(Stored entries)
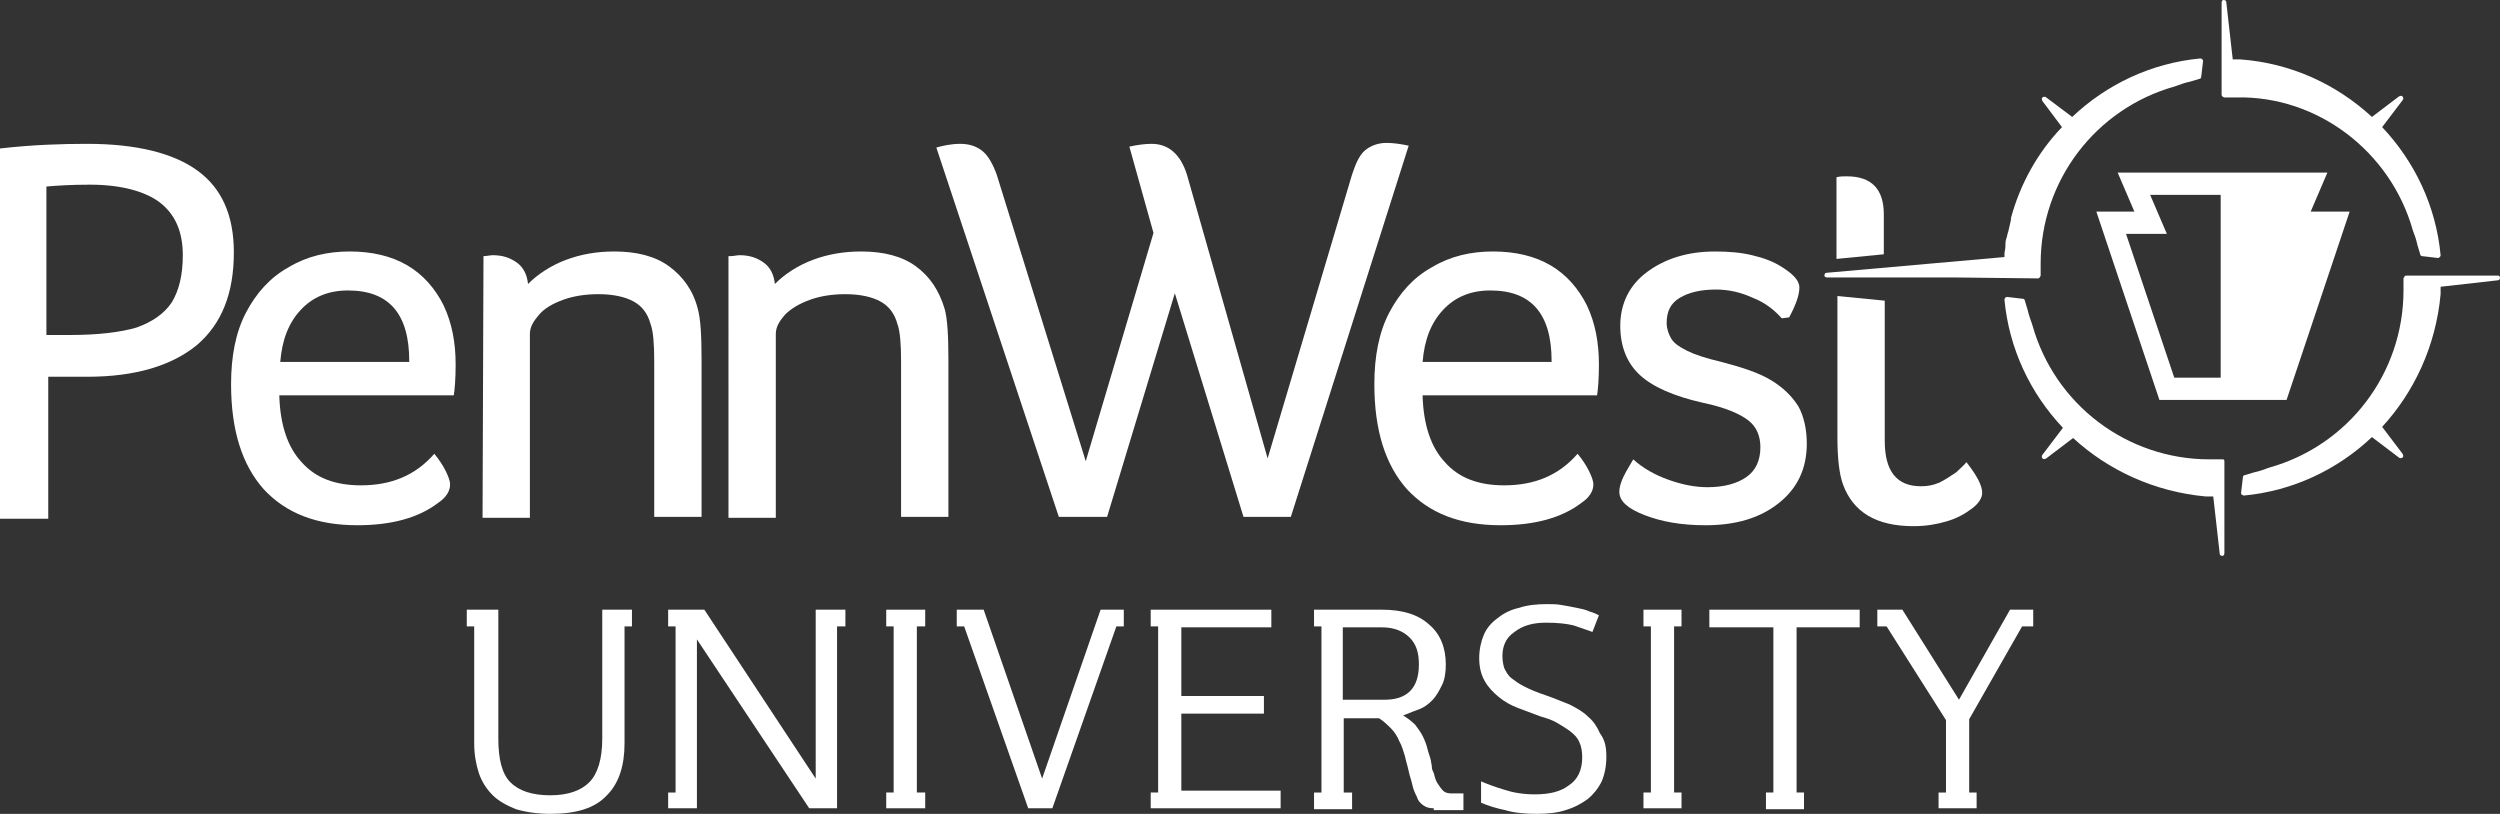 <?xml version="1.0" encoding="utf-8"?>
<!-- Generator: Adobe Illustrator 28.0.0, SVG Export Plug-In . SVG Version: 6.00 Build 0)  -->
<svg version="1.1" id="Layer_1" xmlns="http://www.w3.org/2000/svg" xmlns:xlink="http://www.w3.org/1999/xlink" x="0px" y="0px"
	 viewBox="0 0 269.4 87.7" style="enable-background:new 0 0 269.4 87.7;" xml:space="preserve">
<rect x="0" y="0" width="269.4" height="87.7" fill="#333333" stroke="none"/>
<style type="text/css">
	.st0{fill:#FFFFFF;}
</style>
<g>
	<path class="st0" d="M260,24.8c0.2,0.5,0.4,1.1,0.5,1.6c0.1,0.3,0.2,0.7,0.3,1c0,0.1,0.1,0.2,0.2,0.2l1.7,0.2l0,0
		c0.1,0,0.1,0,0.2-0.1c0.1-0.1,0.1-0.1,0.1-0.2c-0.5-5.3-2.8-10.1-6.3-13.8l2.2-2.9c0.1-0.1,0.1-0.3,0-0.4l0,0l0,0
		c-0.1-0.1-0.2-0.1-0.4,0l-2.9,2.2c-3.8-3.5-8.7-5.8-14.2-6.2l0,0c-0.3,0-0.5,0-0.8,0l-0.7-6.2c0-0.1-0.1-0.2-0.3-0.2
		c-0.1,0-0.2,0.1-0.2,0.3v9.9c0,0.1,0,0.1,0.1,0.2c0,0,0.1,0.1,0.2,0.1c0.4,0,0.9,0,1.3,0C249.7,10.3,257.6,16.3,260,24.8"/>
	<path class="st0" d="M239.4,49.5c-0.4,0-0.9,0-1.3,0c-8.9,0-16.7-5.9-19.1-14.5c-0.2-0.6-0.4-1.1-0.5-1.6c-0.1-0.3-0.2-0.7-0.3-1
		c0-0.1-0.1-0.2-0.2-0.2l-1.7-0.2c-0.1,0-0.2,0-0.2,0.1c-0.1,0.1-0.1,0.1-0.1,0.2c0.5,5.3,2.8,10.1,6.3,13.8l-2.2,2.9
		c-0.1,0.1-0.1,0.3,0,0.4l0,0l0,0c0.1,0.1,0.2,0.1,0.4,0l2.9-2.2c3.8,3.5,8.8,5.8,14.3,6.3l0,0c0.3,0,0.5,0,0.8,0l0.7,6.2
		c0,0.1,0.1,0.2,0.3,0.2l0,0c0.1,0,0.2-0.1,0.2-0.3v-9.9c0-0.1,0-0.1-0.1-0.2C239.6,49.5,239.5,49.5,239.4,49.5"/>
	<path class="st0" d="M219.6,30c0.1,0,0.1,0,0.2-0.1c0-0.1,0.1-0.1,0.1-0.2c0-0.4,0-0.9,0-1.3c0-8.9,5.9-16.7,14.5-19.1
		c0.5-0.2,1.1-0.4,1.6-0.5c0.3-0.1,0.7-0.2,1-0.3c0.1,0,0.2-0.1,0.2-0.2l0,0l0.2-1.7c0-0.1,0-0.2-0.1-0.2c-0.1-0.1-0.1-0.1-0.2-0.1
		c-5.3,0.5-10.1,2.8-13.8,6.3l-2.8-2.1c-0.1-0.1-0.3-0.1-0.4,0l0,0l0,0c-0.1,0.1-0.1,0.2,0,0.4l2.1,2.8c-2.6,2.7-4.5,6.1-5.5,9.8
		c0,0.1,0,0.1,0,0.2c-0.1,0.4-0.2,0.9-0.3,1.3c-0.1,0.2-0.1,0.5-0.2,0.7c-0.1,0.3-0.1,0.6-0.1,0.9s-0.1,0.5-0.1,0.8
		c0,0.1,0,0.2,0,0.3l-19.2,1.7c-0.1,0-0.2,0.1-0.2,0.3c0,0.1,0.1,0.2,0.3,0.2h13.8l0,0L219.6,30L219.6,30"/>
	<path class="st0" d="M269.2,29.7h-9.9c-0.1,0-0.1,0-0.2,0.1c0,0.1-0.1,0.1-0.1,0.2c0,0.4,0,0.9,0,1.3c0,8.9-5.9,16.7-14.5,19.1
		c-0.5,0.2-1.1,0.4-1.6,0.5c-0.3,0.1-0.7,0.2-1,0.3c-0.1,0-0.2,0.1-0.2,0.2l-0.2,1.7c0,0.1,0,0.2,0.1,0.2c0,0,0.1,0.1,0.2,0.1l0,0
		c5.3-0.5,10.1-2.8,13.8-6.3l2.9,2.2c0.1,0.1,0.3,0.1,0.4,0l0,0c0.1-0.1,0.1-0.2,0-0.4l-2.2-2.9c3.5-3.8,5.8-8.8,6.3-14.3l0,0
		c0-0.3,0-0.5,0-0.8l6.2-0.7c0.1,0,0.2-0.1,0.2-0.3C269.4,29.8,269.3,29.7,269.2,29.7"/>
	<path class="st0" d="M249,22.8l1.8-4.2h-22.6l1.8,4.2h-4.1l6.8,20.3h13.7l6.8-20.3H249z M239.3,40.7h-5l-5.2-15.5h4.4l-1.8-4.2h7.6
		V40.7z"/>
	<path class="st0" d="M203,23.1c0-2.7-1.3-4.1-4-4.1c-0.4,0-0.7,0-1.1,0.1v8.8l5.1-0.5V23.1z"/>
	<path class="st0" d="M198,31.9v15.2c0,2.3,0.2,4,0.6,5.1c1.1,3,3.6,4.5,7.6,4.5c1.3,0,2.5-0.2,3.5-0.5c1.1-0.3,2-0.8,2.8-1.4
		s1.1-1.2,1.1-1.7c0-0.8-0.6-1.9-1.7-3.3c-0.2,0.3-0.6,0.6-1.1,1.1c-0.6,0.4-1.2,0.8-1.8,1.1c-0.7,0.3-1.3,0.4-2,0.4
		c-2.6,0-3.9-1.6-3.9-4.9V32.4L198,31.9z"/>
	<path class="st0" d="M0,16c3.5-0.4,6.6-0.5,9.4-0.5c5.3,0,9.3,1,11.9,2.9s3.9,4.8,3.9,8.8c0,4.4-1.3,7.7-4,10
		c-2.7,2.2-6.6,3.4-11.8,3.4H5.2v15.3H0V16z M7.5,36.1c3.1,0,5.5-0.3,7.2-0.8c1.7-0.6,3-1.5,3.8-2.7c0.8-1.3,1.2-3,1.2-5.1
		c0-2.5-0.8-4.4-2.5-5.7c-1.6-1.2-4.2-1.9-7.5-1.9c-2,0-3.6,0.1-4.7,0.2v16H7.5z"/>
	<path class="st0" d="M30.1,42.7c0.1,3.1,0.9,5.5,2.4,7.1c1.5,1.7,3.6,2.5,6.4,2.5c3.3,0,5.9-1.1,7.9-3.4c0.5,0.6,0.9,1.2,1.2,1.8
		c0.3,0.6,0.5,1.1,0.5,1.5c0,0.7-0.4,1.4-1.3,2c-2.1,1.6-5,2.4-8.7,2.4c-4.4,0-7.7-1.3-10.1-3.9c-2.3-2.6-3.5-6.3-3.5-11.3
		c0-3,0.5-5.6,1.6-7.7s2.6-3.8,4.6-4.9c2-1.2,4.2-1.7,6.6-1.7s4.5,0.5,6.2,1.5s3,2.5,3.9,4.3c0.9,1.9,1.3,4,1.3,6.4
		c0,1.5-0.1,2.7-0.2,3.3H30.1V42.7z M44.1,38.9c0-5.1-2.2-7.6-6.6-7.6c-2.1,0-3.8,0.7-5.1,2.1c-1.3,1.4-2,3.2-2.2,5.6h13.9V38.9z"/>
	<path class="st0" d="M52.1,27.6c0.4,0,0.7-0.1,1-0.1c1.1,0,1.9,0.3,2.6,0.8s1.1,1.3,1.2,2.3c1.1-1.1,2.5-2,4.1-2.6s3.3-0.9,5.2-0.9
		c2.4,0,4.4,0.5,5.9,1.6s2.6,2.6,3.1,4.6c0.3,1.1,0.4,2.9,0.4,5.5v16.9h-5.1V39c0-1.9-0.1-3.3-0.4-4.1c-0.3-1.1-0.9-1.9-1.8-2.4
		s-2.2-0.8-3.8-0.8c-1.4,0-2.7,0.2-3.8,0.6c-1.1,0.4-2,0.9-2.6,1.6s-1,1.3-1,2.1v19.8H52L52.1,27.6L52.1,27.6z"/>
	<path class="st0" d="M78.7,27.6c0.4,0,0.7-0.1,1-0.1c1.1,0,1.9,0.3,2.6,0.8s1.1,1.3,1.2,2.3c1.1-1.1,2.5-2,4.1-2.6s3.3-0.9,5.2-0.9
		c2.4,0,4.4,0.5,5.9,1.6s2.5,2.6,3.1,4.6c0.3,1.1,0.4,2.9,0.4,5.5v16.9h-5.1V39c0-1.9-0.1-3.3-0.4-4.1c-0.3-1.1-0.9-1.9-1.8-2.4
		s-2.2-0.8-3.8-0.8c-1.4,0-2.7,0.2-3.8,0.6c-1.1,0.4-2,0.9-2.7,1.6c-0.6,0.7-1,1.3-1,2.1v19.8h-5.1V27.6H78.7z"/>
	<path class="st0" d="M100.9,15.9c0.7-0.2,1.6-0.4,2.6-0.4s1.8,0.3,2.4,0.8s1.1,1.4,1.5,2.5l9.6,30.9l7.3-24.6l-2.6-9.3
		c0.9-0.2,1.7-0.3,2.4-0.3c1.8,0,3.1,1.1,3.8,3.3l8.7,30.6l9.1-30.6c0.4-1.2,0.8-2.1,1.4-2.6s1.4-0.8,2.3-0.8c0.7,0,1.5,0.1,2.4,0.3
		l-12.7,40H134l-7.4-24.1l-7.3,24.1h-5.2L100.9,15.9z"/>
	<path class="st0" d="M153.3,42.7c0.1,3.1,0.9,5.5,2.4,7.1c1.5,1.7,3.6,2.5,6.4,2.5c3.3,0,5.9-1.1,7.9-3.4c0.5,0.6,0.9,1.2,1.2,1.8
		c0.3,0.6,0.5,1.1,0.5,1.5c0,0.7-0.4,1.4-1.3,2c-2.1,1.6-5,2.4-8.7,2.4c-4.4,0-7.7-1.3-10.1-3.9c-2.3-2.6-3.5-6.3-3.5-11.3
		c0-3,0.5-5.6,1.6-7.7s2.6-3.8,4.6-4.9c2-1.2,4.2-1.7,6.6-1.7s4.5,0.5,6.2,1.5s3,2.5,3.9,4.3c0.9,1.9,1.3,4,1.3,6.4
		c0,1.5-0.1,2.7-0.2,3.3h-18.8V42.7z M167.2,38.9c0-5.1-2.2-7.6-6.6-7.6c-2.1,0-3.8,0.7-5.1,2.1c-1.3,1.4-2,3.2-2.2,5.6h13.9V38.9z"
		/>
	<path class="st0" d="M192,34.3c-0.8-0.9-1.8-1.7-3.1-2.2c-1.3-0.6-2.6-0.9-4-0.9c-1.6,0-2.9,0.3-3.9,0.9s-1.4,1.5-1.4,2.7
		c0,0.6,0.2,1.2,0.5,1.7s0.9,0.9,1.7,1.3c0.8,0.4,2,0.8,3.7,1.2c2.3,0.6,4.1,1.2,5.4,2s2.2,1.7,2.9,2.8c0.6,1.1,0.9,2.5,0.9,4
		c0,2.7-1,4.8-3,6.4s-4.6,2.4-7.9,2.4c-2.7,0-4.8-0.4-6.6-1.1c-1.8-0.7-2.7-1.5-2.7-2.5c0-0.4,0.1-0.8,0.3-1.3
		c0.2-0.5,0.6-1.2,1.2-2.2c1.1,1,2.4,1.7,3.8,2.2s2.8,0.8,4.2,0.8c1.8,0,3.2-0.4,4.2-1.1s1.5-1.8,1.5-3.2c0-1.2-0.4-2.2-1.3-2.9
		c-0.9-0.7-2.5-1.4-4.9-1.9c-3.1-0.7-5.4-1.7-6.8-3s-2.1-3.1-2.1-5.3c0-2.4,1-4.4,2.9-5.8s4.3-2.2,7.3-2.2c1.4,0,2.8,0.1,4,0.4
		c1.3,0.3,2.3,0.7,3.1,1.2c1.3,0.8,2,1.5,2,2.3s-0.4,1.9-1.1,3.2L192,34.3z"/>
	<path class="st0" d="M67.3,67.5v12.6c0,2.4-0.6,4.3-1.9,5.6c-1.3,1.4-3.3,2-6.1,2c-1.4,0-2.7-0.2-3.7-0.5c-1-0.4-1.9-0.9-2.5-1.5
		c-0.7-0.7-1.2-1.5-1.5-2.4s-0.5-2-0.5-3.2V67.5h-0.8v-1.8h3.4v13.9c0,2.2,0.4,3.8,1.3,4.7c0.9,0.9,2.3,1.4,4.3,1.4
		c1.9,0,3.3-0.5,4.2-1.4c0.9-0.9,1.4-2.5,1.4-4.7V65.7h3.2v1.8H67.3z"/>
	<polygon class="st0" points="90.2,67.5 90.2,87.1 87.2,87.1 75.1,68.9 75.1,87.1 72,87.1 72,85.4 72.8,85.4 72.8,67.5 72,67.5 
		72,65.7 75.9,65.7 87.9,83.9 87.9,65.7 91.1,65.7 91.1,67.5 	"/>
	<polygon class="st0" points="95.5,87.1 95.5,85.4 96.3,85.4 96.3,67.5 95.5,67.5 95.5,65.7 99.7,65.7 99.7,67.5 98.8,67.5 
		98.8,85.4 99.7,85.4 99.7,87.1 	"/>
	<polygon class="st0" points="120.3,67.5 113.4,87.1 110.8,87.1 103.9,67.5 103.1,67.5 103.1,65.7 106,65.7 112.3,83.9 118.6,65.7 
		121.1,65.7 121.1,67.5 	"/>
	<polygon class="st0" points="124,87.1 124,85.4 124.8,85.4 124.8,67.5 124,67.5 124,65.7 137,65.7 137,67.6 127.3,67.6 127.3,75 
		136.2,75 136.2,76.9 127.3,76.9 127.3,85.2 138,85.2 138,87.1 	"/>
	<path class="st0" d="M154.5,87.1c-0.5,0-0.8-0.1-1.1-0.3c-0.3-0.2-0.6-0.5-0.7-0.9c-0.2-0.4-0.4-0.8-0.5-1.3s-0.3-1-0.4-1.5
		s-0.3-1.1-0.4-1.6c-0.2-0.6-0.3-1.1-0.6-1.6c-0.2-0.5-0.5-1-0.9-1.4s-0.8-0.8-1.3-1.1h-3.8v8h0.9v1.8h-4.1v-1.8h0.8V67.5h-0.8v-1.8
		h7.3c2.2,0,3.9,0.5,5.1,1.6c1.2,1,1.8,2.5,1.8,4.3c0,0.8-0.1,1.6-0.4,2.2s-0.6,1.2-1.1,1.7c-0.4,0.4-0.8,0.7-1.3,0.9
		c-0.5,0.2-1.1,0.4-1.8,0.7c0.5,0.3,0.9,0.6,1.3,1c0.3,0.4,0.6,0.8,0.8,1.2c0.2,0.4,0.4,0.9,0.5,1.3c0.1,0.5,0.3,0.9,0.4,1.4
		c0,0.2,0.1,0.4,0.1,0.7c0,0.2,0.1,0.4,0.2,0.6c0.1,0.4,0.2,0.8,0.4,1.1c0.2,0.3,0.4,0.6,0.6,0.8c0.2,0.2,0.5,0.3,0.9,0.3h1.3v1.8
		h-3.2V87.1z M152.9,71.6c0-1.3-0.3-2.2-1-2.9c-0.7-0.7-1.7-1.1-3-1.1h-4.2v7.8h4.2C151.6,75.5,152.9,74.2,152.9,71.6"/>
	<path class="st0" d="M173.1,81.6c0,1-0.2,1.9-0.5,2.6c-0.4,0.8-0.9,1.4-1.5,1.9c-0.7,0.5-1.4,0.9-2.4,1.2c-0.9,0.3-2,0.4-3.1,0.4
		c-1.2,0-2.4-0.1-3.4-0.4c-1-0.2-1.9-0.5-2.6-0.8v-2.3c0.7,0.3,1.5,0.6,2.5,0.9c0.9,0.3,2,0.5,3.3,0.5c1.6,0,2.8-0.3,3.7-1
		c0.9-0.6,1.4-1.6,1.4-3c0-0.6-0.1-1.2-0.3-1.6c-0.2-0.5-0.5-0.8-1-1.2c-0.4-0.3-0.9-0.6-1.4-0.9s-1.1-0.5-1.8-0.7
		c-0.8-0.3-1.6-0.6-2.4-0.9s-1.5-0.7-2.1-1.2s-1.1-1-1.5-1.7s-0.6-1.5-0.6-2.5c0-0.9,0.2-1.8,0.5-2.5s0.8-1.3,1.5-1.8
		c0.6-0.5,1.4-0.9,2.3-1.1c0.9-0.3,1.9-0.4,3-0.4c0.5,0,1.1,0,1.6,0.1c0.6,0.1,1.1,0.2,1.6,0.3c0.5,0.1,1,0.2,1.4,0.4
		c0.4,0.1,0.8,0.3,1,0.4l-0.7,1.8c-0.5-0.2-1.2-0.4-2-0.7c-0.8-0.2-1.8-0.3-3-0.3c-1.4,0-2.5,0.3-3.4,1c-0.9,0.6-1.3,1.5-1.3,2.6
		c0,0.5,0.1,1,0.2,1.3c0.2,0.4,0.4,0.8,0.8,1.1c0.4,0.3,0.8,0.6,1.4,0.9s1.3,0.6,2.2,0.9c0.9,0.3,1.8,0.7,2.6,1
		c0.8,0.4,1.5,0.8,2,1.3c0.6,0.5,1,1.1,1.3,1.8C173,79.8,173.1,80.6,173.1,81.6"/>
	<polygon class="st0" points="177.1,87.1 177.1,85.4 177.9,85.4 177.9,67.5 177.1,67.5 177.1,65.7 181.2,65.7 181.2,67.5 
		180.4,67.5 180.4,85.4 181.2,85.4 181.2,87.1 	"/>
	<polygon class="st0" points="193.6,67.6 193.6,85.4 194.4,85.4 194.4,87.2 190.3,87.2 190.3,85.4 191.1,85.4 191.1,67.6 
		184.2,67.6 184.2,65.7 200.4,65.7 200.4,67.6 	"/>
	<polygon class="st0" points="217.9,67.5 212.2,77.5 212.2,85.4 213,85.4 213,87.1 208.9,87.1 208.9,85.4 209.7,85.4 209.7,77.6 
		203.3,67.5 202.3,67.5 202.3,65.7 205,65.7 211.1,75.4 216.6,65.7 219.1,65.7 219.1,67.5 	"/>
</g>
</svg>

### Description of the task
Please quote nothing but the lines from the line with "184.2,67.6 184.2,65.7 200.4,65.7" through the end of the data above, exactly as written, ends included.

### The completed task
		184.2,67.6 184.2,65.7 200.4,65.7 200.4,67.6 	"/>
	<polygon class="st0" points="217.9,67.5 212.2,77.5 212.2,85.4 213,85.4 213,87.1 208.9,87.1 208.9,85.4 209.7,85.4 209.7,77.6 
		203.3,67.5 202.3,67.5 202.3,65.7 205,65.7 211.1,75.4 216.6,65.7 219.1,65.7 219.1,67.5 	"/>
</g>
</svg>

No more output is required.